ABOUT THIS EXERCISE
Line by line, set down all the data below exactly, omitting any picture.

-- EXERCISE INPUT follows --

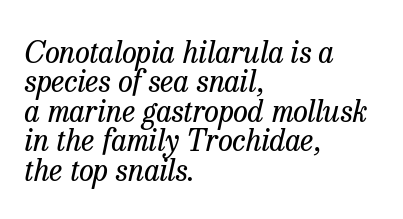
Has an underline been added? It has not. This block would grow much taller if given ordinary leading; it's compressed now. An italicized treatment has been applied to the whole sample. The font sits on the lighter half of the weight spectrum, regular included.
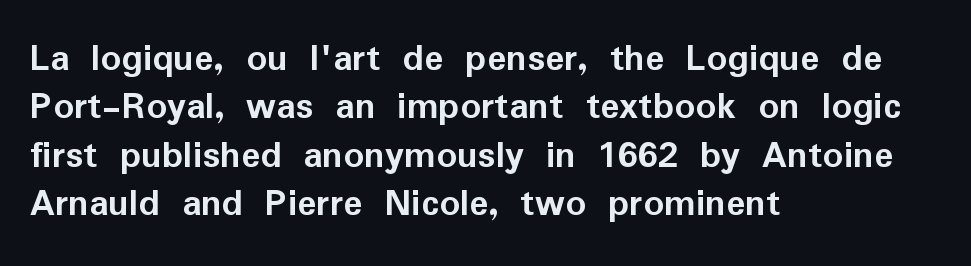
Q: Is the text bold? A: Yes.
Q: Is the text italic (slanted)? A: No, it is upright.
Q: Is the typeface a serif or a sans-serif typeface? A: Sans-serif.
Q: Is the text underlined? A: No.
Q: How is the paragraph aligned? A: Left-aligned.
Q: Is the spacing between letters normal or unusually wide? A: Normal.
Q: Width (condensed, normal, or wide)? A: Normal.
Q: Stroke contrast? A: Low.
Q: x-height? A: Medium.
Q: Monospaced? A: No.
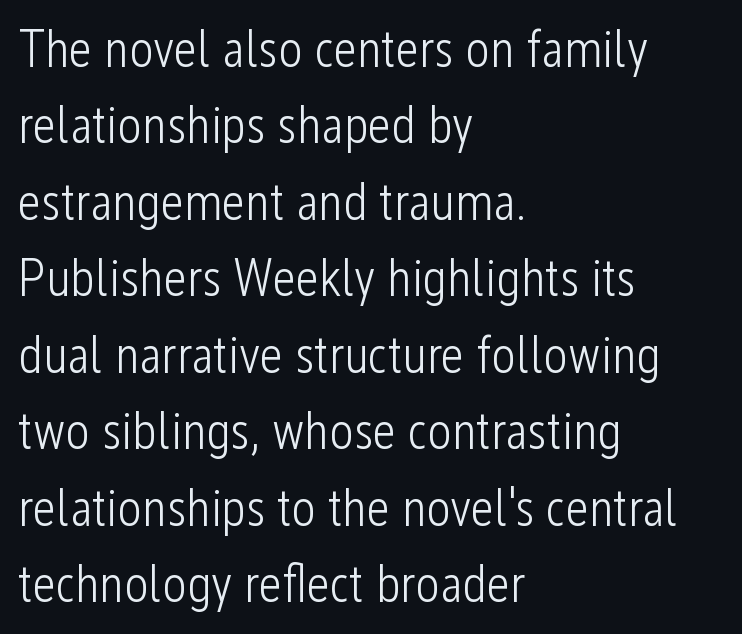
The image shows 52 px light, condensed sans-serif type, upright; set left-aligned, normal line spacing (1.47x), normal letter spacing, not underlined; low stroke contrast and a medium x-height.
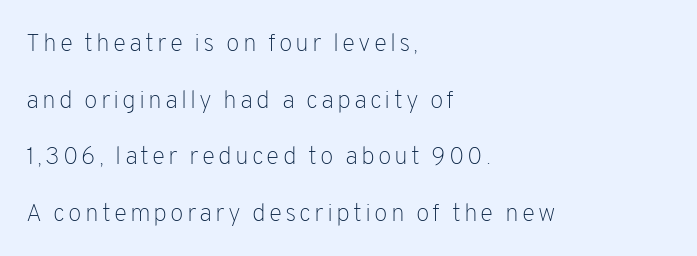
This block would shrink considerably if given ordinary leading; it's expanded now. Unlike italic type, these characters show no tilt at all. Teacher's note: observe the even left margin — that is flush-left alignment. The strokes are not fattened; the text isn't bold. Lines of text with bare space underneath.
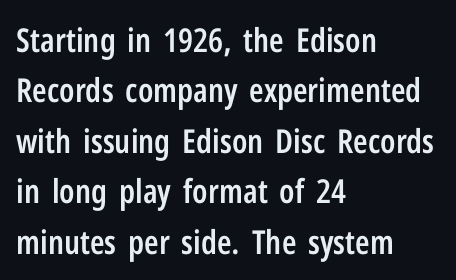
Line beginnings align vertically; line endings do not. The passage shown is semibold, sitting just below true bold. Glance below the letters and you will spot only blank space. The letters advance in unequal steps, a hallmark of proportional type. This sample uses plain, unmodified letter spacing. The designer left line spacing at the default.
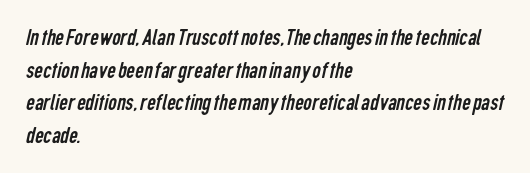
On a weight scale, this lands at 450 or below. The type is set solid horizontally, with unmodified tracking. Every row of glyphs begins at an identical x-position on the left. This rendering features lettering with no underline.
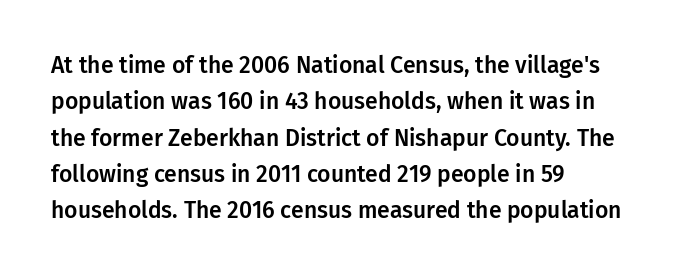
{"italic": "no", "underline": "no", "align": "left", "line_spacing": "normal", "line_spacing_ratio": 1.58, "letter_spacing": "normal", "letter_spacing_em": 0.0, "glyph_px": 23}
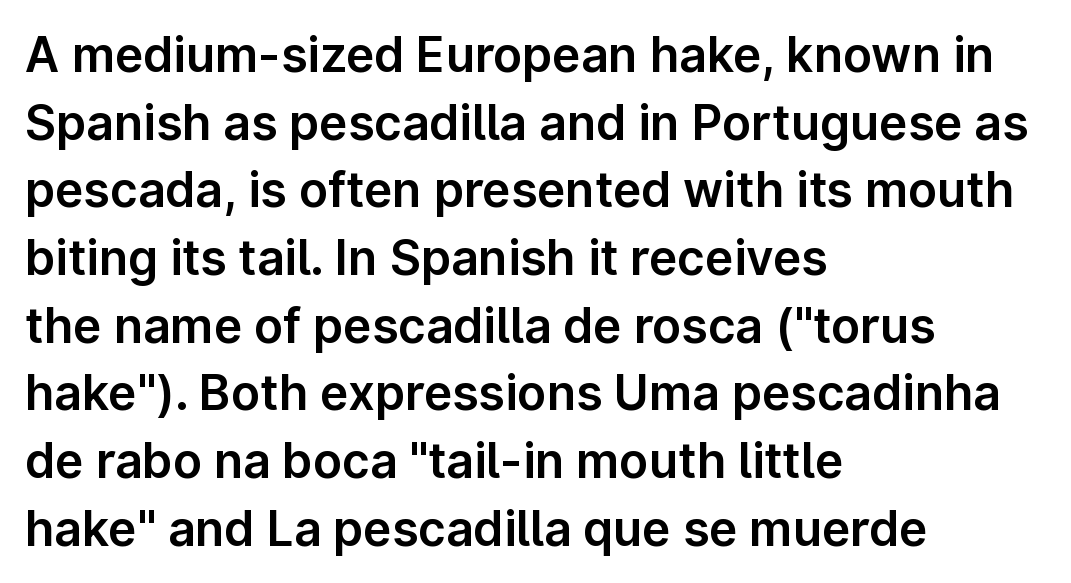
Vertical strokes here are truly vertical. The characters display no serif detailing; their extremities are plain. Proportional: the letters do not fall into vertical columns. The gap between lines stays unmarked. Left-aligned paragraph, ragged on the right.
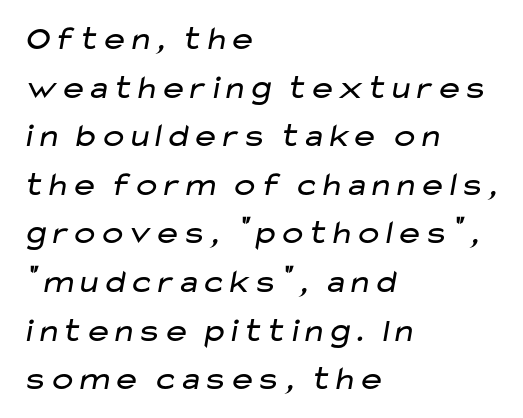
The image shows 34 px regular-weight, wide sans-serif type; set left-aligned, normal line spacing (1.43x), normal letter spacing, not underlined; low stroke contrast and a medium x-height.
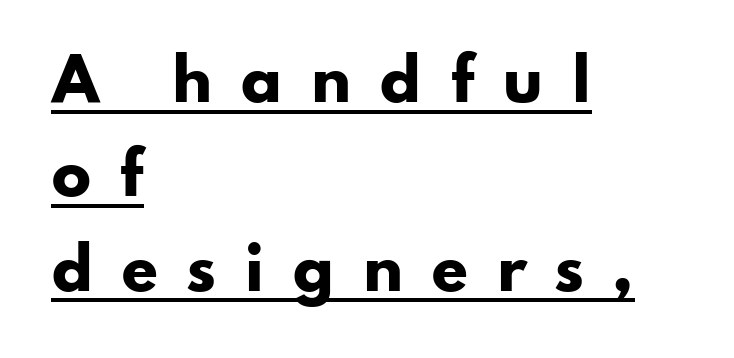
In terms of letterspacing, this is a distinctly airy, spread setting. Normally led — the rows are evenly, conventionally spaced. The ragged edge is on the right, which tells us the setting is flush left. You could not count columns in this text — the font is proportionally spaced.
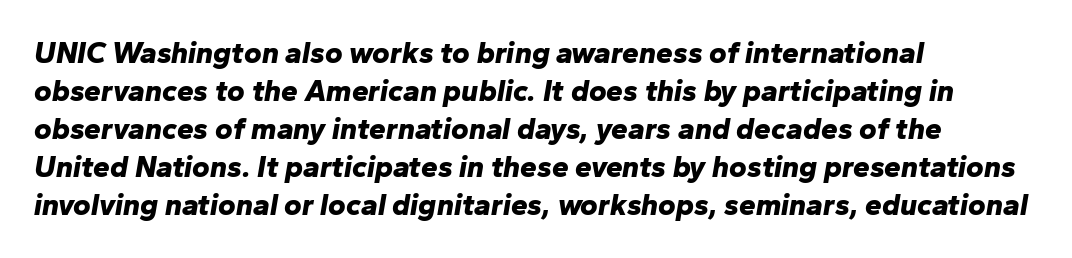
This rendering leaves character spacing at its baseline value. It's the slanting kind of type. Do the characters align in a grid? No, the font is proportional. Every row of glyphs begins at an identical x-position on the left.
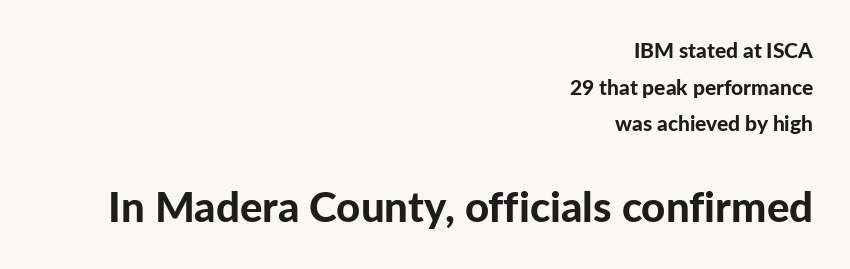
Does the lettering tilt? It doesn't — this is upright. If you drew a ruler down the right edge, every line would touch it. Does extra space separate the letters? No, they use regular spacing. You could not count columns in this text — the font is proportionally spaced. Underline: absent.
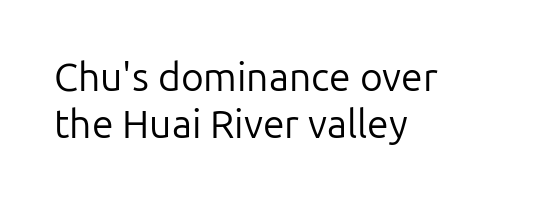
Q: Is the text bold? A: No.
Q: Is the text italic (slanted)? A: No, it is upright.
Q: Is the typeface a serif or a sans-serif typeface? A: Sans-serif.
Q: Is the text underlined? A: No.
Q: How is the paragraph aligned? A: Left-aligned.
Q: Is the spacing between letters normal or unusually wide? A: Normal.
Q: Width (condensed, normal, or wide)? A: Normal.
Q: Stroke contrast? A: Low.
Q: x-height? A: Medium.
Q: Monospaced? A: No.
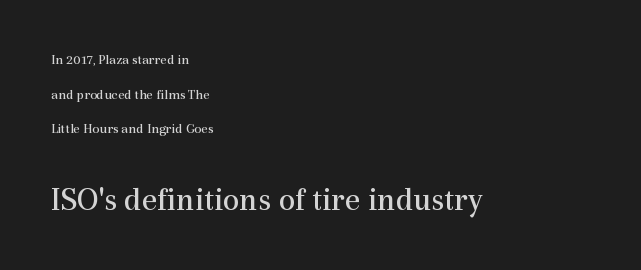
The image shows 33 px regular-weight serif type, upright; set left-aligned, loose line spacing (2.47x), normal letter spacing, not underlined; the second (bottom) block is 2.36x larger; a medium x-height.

-- EXERCISE INPUT concluded --

ANSWER
Has an underline been added? It has not. This block would grow much taller if given ordinary leading; it's compressed now. An italicized treatment has been applied to the whole sample. The font sits on the lighter half of the weight spectrum, regular included.
Q: Is the text bold? A: Yes.
Q: Is the text italic (slanted)? A: No, it is upright.
Q: Is the typeface a serif or a sans-serif typeface? A: Sans-serif.
Q: Is the text underlined? A: No.
Q: How is the paragraph aligned? A: Left-aligned.
Q: Is the spacing between letters normal or unusually wide? A: Normal.
Q: Width (condensed, normal, or wide)? A: Normal.
Q: Stroke contrast? A: Low.
Q: x-height? A: Medium.
Q: Monospaced? A: No.
The image shows 52 px light, condensed sans-serif type, upright; set left-aligned, normal line spacing (1.47x), normal letter spacing, not underlined; low stroke contrast and a medium x-height.
This block would shrink considerably if given ordinary leading; it's expanded now. Unlike italic type, these characters show no tilt at all. Teacher's note: observe the even left margin — that is flush-left alignment. The strokes are not fattened; the text isn't bold. Lines of text with bare space underneath.
Line beginnings align vertically; line endings do not. The passage shown is semibold, sitting just below true bold. Glance below the letters and you will spot only blank space. The letters advance in unequal steps, a hallmark of proportional type. This sample uses plain, unmodified letter spacing. The designer left line spacing at the default.
On a weight scale, this lands at 450 or below. The type is set solid horizontally, with unmodified tracking. Every row of glyphs begins at an identical x-position on the left. This rendering features lettering with no underline.
{"italic": "no", "underline": "no", "align": "left", "line_spacing": "normal", "line_spacing_ratio": 1.58, "letter_spacing": "normal", "letter_spacing_em": 0.0, "glyph_px": 23}
Vertical strokes here are truly vertical. The characters display no serif detailing; their extremities are plain. Proportional: the letters do not fall into vertical columns. The gap between lines stays unmarked. Left-aligned paragraph, ragged on the right.
The image shows 34 px regular-weight, wide sans-serif type; set left-aligned, normal line spacing (1.43x), normal letter spacing, not underlined; low stroke contrast and a medium x-height.
In terms of letterspacing, this is a distinctly airy, spread setting. Normally led — the rows are evenly, conventionally spaced. The ragged edge is on the right, which tells us the setting is flush left. You could not count columns in this text — the font is proportionally spaced.
This rendering leaves character spacing at its baseline value. It's the slanting kind of type. Do the characters align in a grid? No, the font is proportional. Every row of glyphs begins at an identical x-position on the left.
Does the lettering tilt? It doesn't — this is upright. If you drew a ruler down the right edge, every line would touch it. Does extra space separate the letters? No, they use regular spacing. You could not count columns in this text — the font is proportionally spaced. Underline: absent.
Q: Is the text bold? A: No.
Q: Is the text italic (slanted)? A: No, it is upright.
Q: Is the typeface a serif or a sans-serif typeface? A: Sans-serif.
Q: Is the text underlined? A: No.
Q: How is the paragraph aligned? A: Left-aligned.
Q: Is the spacing between letters normal or unusually wide? A: Normal.
Q: Width (condensed, normal, or wide)? A: Normal.
Q: Stroke contrast? A: Low.
Q: x-height? A: Medium.
Q: Monospaced? A: No.
The image shows 33 px regular-weight serif type, upright; set left-aligned, loose line spacing (2.47x), normal letter spacing, not underlined; the second (bottom) block is 2.36x larger; a medium x-height.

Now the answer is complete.